И тут в нее словно ударила волна силы. Вампирской силы, схожей стой, что исходила обычно от Ара, но иной, куда более мощной.

Обернулись они с Аршезом синхронно, отдергивая руки от дерева. В десятке шагов от них стоял Ринат. Вернее, Древний вампир и Верховный куратор. Впервые на Аниной памяти — без очков. Он держал их в руке, замершей у лица, и одна из дужек упиралась ему в щеку. Но он, похоже, не замечал. И смотрел не на них, мимо. На дерево.

— Что вы сделали с ним? — поинтересовался вместо приветствия.

Они недоуменно пожали плечами и оглянулись. На стволе остался отчетливый оттиск ладоней. Очень глубокий — Аниной, и едва заметный — Аршеза.

— Простите, — смутилась девочка. — Мы случайно. Мы не хотели. Это ведь разгладится?

— Вряд ли. Идите в дом, я вас догоню, — он надел очки, вновь пряча свои невероятные зеленые глаза, словно вобравшие в себя всю зелень этого сада.

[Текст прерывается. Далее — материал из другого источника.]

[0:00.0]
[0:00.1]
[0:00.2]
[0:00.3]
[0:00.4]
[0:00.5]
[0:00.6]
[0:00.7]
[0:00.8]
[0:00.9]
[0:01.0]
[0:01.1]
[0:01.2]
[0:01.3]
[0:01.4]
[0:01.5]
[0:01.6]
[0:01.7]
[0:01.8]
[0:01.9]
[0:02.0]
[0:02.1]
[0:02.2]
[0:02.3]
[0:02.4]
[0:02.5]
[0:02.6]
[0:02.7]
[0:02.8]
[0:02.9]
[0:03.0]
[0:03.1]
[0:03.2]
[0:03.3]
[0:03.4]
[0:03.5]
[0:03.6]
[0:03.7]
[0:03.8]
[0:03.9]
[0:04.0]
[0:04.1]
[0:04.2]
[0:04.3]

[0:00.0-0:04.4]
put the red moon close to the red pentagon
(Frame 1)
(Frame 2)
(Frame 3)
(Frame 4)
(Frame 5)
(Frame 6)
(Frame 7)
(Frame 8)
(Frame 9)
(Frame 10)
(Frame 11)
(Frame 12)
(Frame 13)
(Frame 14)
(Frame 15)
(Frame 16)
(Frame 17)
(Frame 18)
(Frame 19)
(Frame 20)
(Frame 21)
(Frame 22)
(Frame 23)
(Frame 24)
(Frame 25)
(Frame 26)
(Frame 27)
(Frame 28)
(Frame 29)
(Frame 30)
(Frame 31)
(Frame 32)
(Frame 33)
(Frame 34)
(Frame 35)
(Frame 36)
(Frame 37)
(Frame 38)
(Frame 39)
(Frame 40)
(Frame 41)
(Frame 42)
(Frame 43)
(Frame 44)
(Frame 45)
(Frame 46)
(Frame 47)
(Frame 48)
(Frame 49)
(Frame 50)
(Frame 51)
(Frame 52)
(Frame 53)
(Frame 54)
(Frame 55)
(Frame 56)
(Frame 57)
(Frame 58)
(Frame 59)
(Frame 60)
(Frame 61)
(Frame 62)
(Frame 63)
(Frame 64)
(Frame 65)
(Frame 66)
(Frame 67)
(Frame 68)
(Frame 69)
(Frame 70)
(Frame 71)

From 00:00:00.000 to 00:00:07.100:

— Простите, — еще раз прошептала девочка, проходя мимо.

Он не ответил, лишь чуть отступил назад, уступая дорогу. Затем подошел к поврежденному дереву вплотную. Вновь снял очки, пристально разглядывая оставленные на стволе отпечатки.

Аршез лишь скривился мысленно, да поспешил вывести свою деву из зоны действия кураторской ауры. Древний, что с него взять? Тот, кто ценит человеческую жизнь дешевле срезанного цветка. Удивляться ли, что какое-то дерево ему важнее тех, кого он вызвал к себе на ковер? Явиться вовремя не соизволил, приветствие опустил, теперь будет с деревом демонстративно обниматься, чтоб подчеркнуть, как сильно они его испортили.

Аня оглянулась. Ринат поднял руку, словно хотел потрогать след их ладоней, оставшийся на стволе. Но так и не решился, замер. И только рука дрожала.

Они наконец ушли. А он все так же стоял, не в силах осознать, поверить, справиться с нахлынувшими внезапно эмоциями. Стоял и плакал, впервые за сотни лет. Слезы катились из глаз, а он уже просто не помнил, что нужно сделать, чтоб это остановить.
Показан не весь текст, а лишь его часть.